* _Task prompt_
Check every line below for the word "height" and copy the ones that have it.

[Stored dataset items]
****

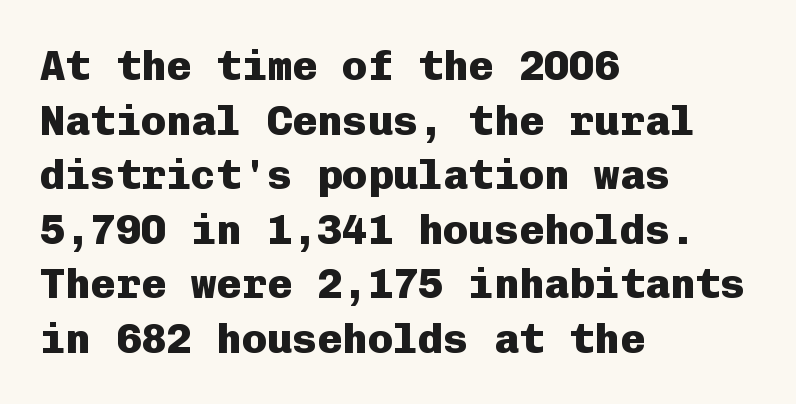
Q: Is the text bold? A: Yes.
Q: Is the text italic (slanted)? A: No, it is upright.
Q: Is the typeface a serif or a sans-serif typeface? A: Sans-serif.
Q: Is the text underlined? A: No.
Q: How is the paragraph aligned? A: Left-aligned.
Q: Is the spacing between letters normal or unusually wide? A: Normal.
Q: Is the spacing between lines tight, normal or loose? A: Normal.
Q: Width (condensed, normal, or wide)? A: Normal.
Q: Stroke contrast? A: Low.
Q: x-height? A: Medium.
Q: Monospaced? A: Yes.
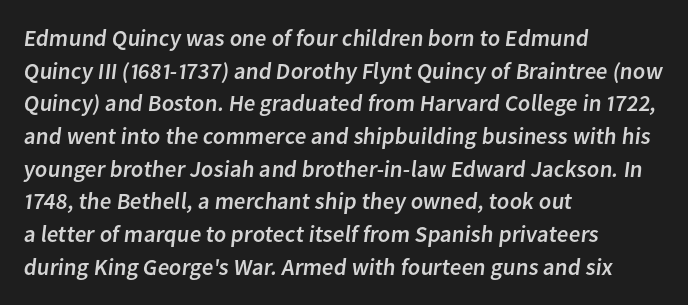
Q: Is the text underlined? A: No.
Q: How is the paragraph aligned? A: Left-aligned.
Q: Is the spacing between letters normal or unusually wide? A: Normal.
Q: Is the spacing between lines tight, normal or loose? A: Normal.
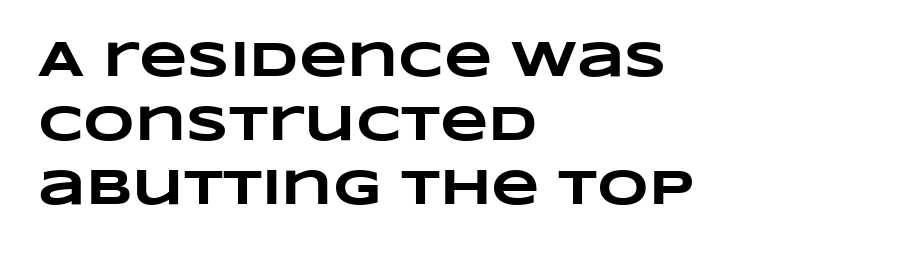
Q: Is the text bold? A: Yes.
Q: Is the text underlined? A: No.
Q: How is the paragraph aligned? A: Left-aligned.
Q: Is the spacing between letters normal or unusually wide? A: Normal.
Q: Is the spacing between lines tight, normal or loose? A: Normal.
Q: Width (condensed, normal, or wide)? A: Wide.
Q: Stroke contrast? A: Low.
Q: x-height? A: Large.
Q: Monospaced? A: No.
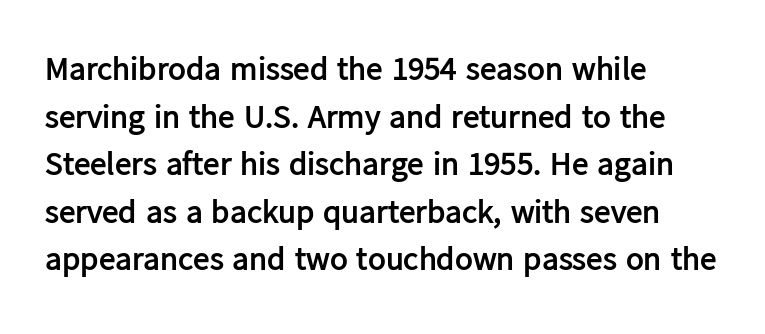
The image shows 33 px semibold sans-serif type, upright; set left-aligned, normal line spacing (1.44x), normal letter spacing, not underlined; low stroke contrast and a medium x-height.

****

* _Reply_
Q: x-height? A: Medium.
Q: x-height? A: Large.
The image shows 33 px semibold sans-serif type, upright; set left-aligned, normal line spacing (1.44x), normal letter spacing, not underlined; low stroke contrast and a medium x-height.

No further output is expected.